With trade shows covering every topic from Satan to "Star Trek," the exhibition industry can sometimes seem unreal. That's why we challenge you to guess which of the following shows are real and which are shams. When you're finished, you might just be convinced that truth really is stranger than fiction.
Everything's a joke at the Association for Applied and Therapeutic Humor's expo, which has its own Humor Academy, along with sessions about what humans can learn from dogs.
Popular classes at the Overland Expo convention - for people who opt to live in their trucks - include photography, mechanical repair, and relationship maintenance.

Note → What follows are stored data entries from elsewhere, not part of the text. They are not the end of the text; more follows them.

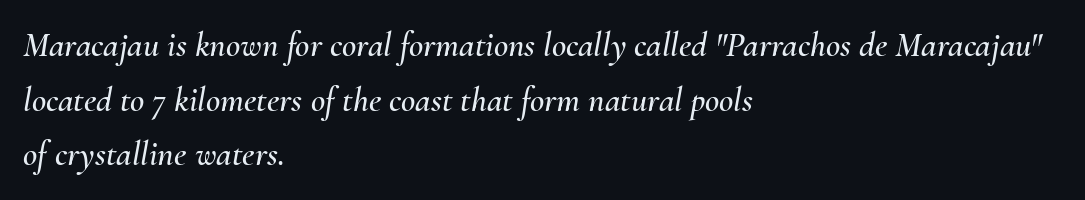
{"italic": "yes", "lean": "right", "slant_degrees": 10, "width": "normal", "stroke_contrast": "medium", "x_height": "small", "monospaced": "no", "underline": "no", "align": "left", "line_spacing": "normal", "line_spacing_ratio": 1.56, "letter_spacing": "normal", "letter_spacing_em": 0.0, "glyph_px": 35}
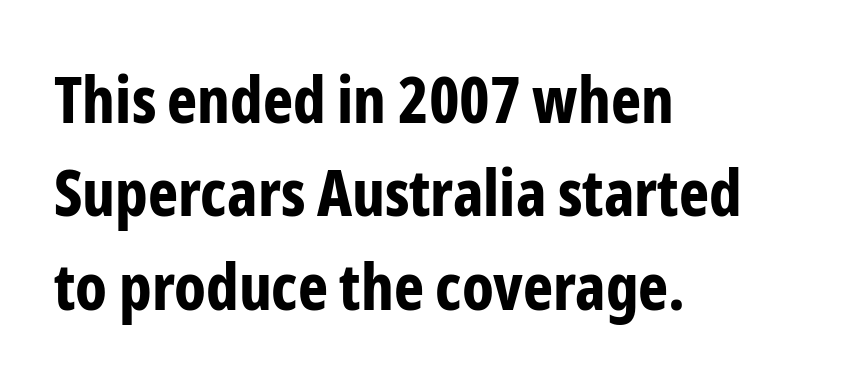
{"serif": "no", "italic": "no", "bold": "yes", "weight": "bold", "width": "condensed", "stroke_contrast": "low", "x_height": "medium", "monospaced": "no", "underline": "no", "align": "left", "line_spacing": "normal", "line_spacing_ratio": 1.46, "letter_spacing": "normal", "letter_spacing_em": 0.0, "glyph_px": 64}
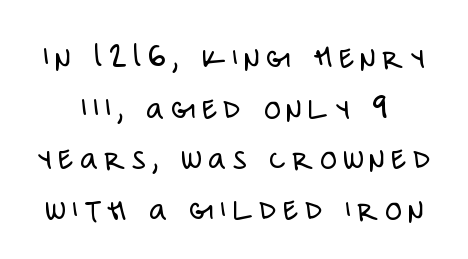
Q: Is the text bold? A: No.
Q: Is the text italic (slanted)? A: No, it is upright.
Q: Is the typeface a serif or a sans-serif typeface? A: Sans-serif.
Q: Is the text underlined? A: No.
Q: How is the paragraph aligned? A: Centered.
Q: Is the spacing between lines tight, normal or loose? A: Normal.
Q: Width (condensed, normal, or wide)? A: Condensed.
Q: Stroke contrast? A: Low.
Q: x-height? A: Large.
Q: Monospaced? A: No.
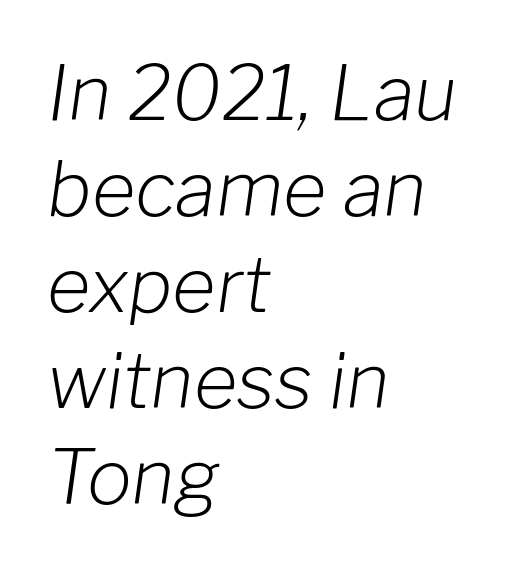
Q: Is the text bold? A: No.
Q: Is the text italic (slanted)? A: Yes, it leans right by about 8 degrees.
Q: Is the text underlined? A: No.
Q: How is the paragraph aligned? A: Left-aligned.
Q: Is the spacing between letters normal or unusually wide? A: Normal.
Q: Is the spacing between lines tight, normal or loose? A: Normal.
Q: Width (condensed, normal, or wide)? A: Normal.
Q: Stroke contrast? A: Low.
Q: x-height? A: Medium.
Q: Monospaced? A: No.
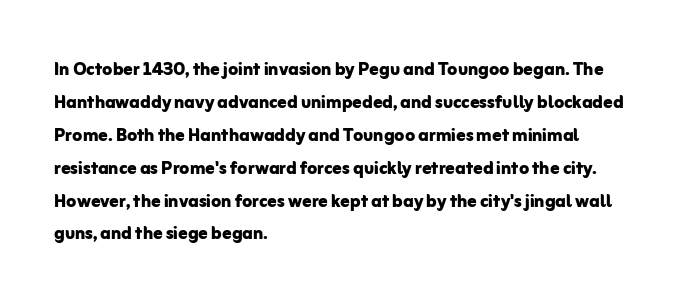
The gaps between neighbouring characters are ordinary and unremarkable. A dark, heavy texture on the line: the type is bold. Leftover space on each line is placed entirely after the last word. Reading down the column, the eye jumps a familiar distance to each next line. This is the regular roman posture of the typeface.
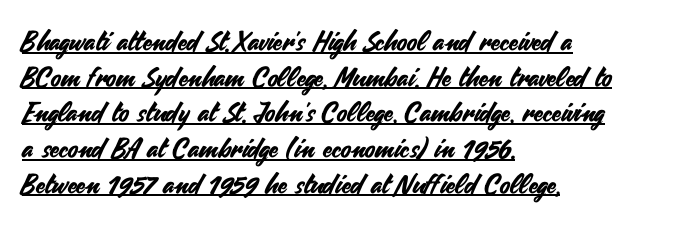
The image shows 27 px text type; set left-aligned, normal line spacing (1.32x), normal letter spacing, underlined.

If the International Consumer Electronics Show is too common for you, try the Luxury Technology Show, where you'll find automated cocktail makers, wallets with fingerprint-identification systems, and fitness bands that measure your brain's attention span.
"What a bunch of crap" might be a compliment at the U.S. Composting Council's convention, where odor management is a key topic of concern for ecologically minded attendees.
It's no gamble to bet that the World Lottery Summit focuses on gamification, Millennials, and other issues facing the gambling industry, including fears that terrorists may be fixing sports contests to make money.
At BodyHacking Con, "You Are Not an Inkjet Printer" was the title of a keynote address, an attendee had a camera embedded in his head, and a fashion show opened with an interpretive dance by a cyborg that senses earthquakes through an implant in its arm.
You can have your cake and eat it, too, at the International Restaurant and Foodservice Show's U.S. Pastry Competition, where dessert chefs compete to see who can create a masterpiece of chocolate inspired by the work of Salvador Dali, Marc Chagall, Vincent van Gogh, and Pablo Picasso.
At Auto-Matic, the "booths" consist of self-driving cars that attendees can sit in and be chauffeured around a show floor stacked full of obstacles and driving hazards.
There's not a lot of horsing around at the Dude Ranchers Association annual meeting, whose topics now include everything from saddles, soaps, and serenity to spa treatments, sustainable ranching practices, and specialized insurance.
Even in a world of alternative facts, there's the World Congress of Science and Factual Producers, where attendees learn the latest about
producing nonfiction content for TV.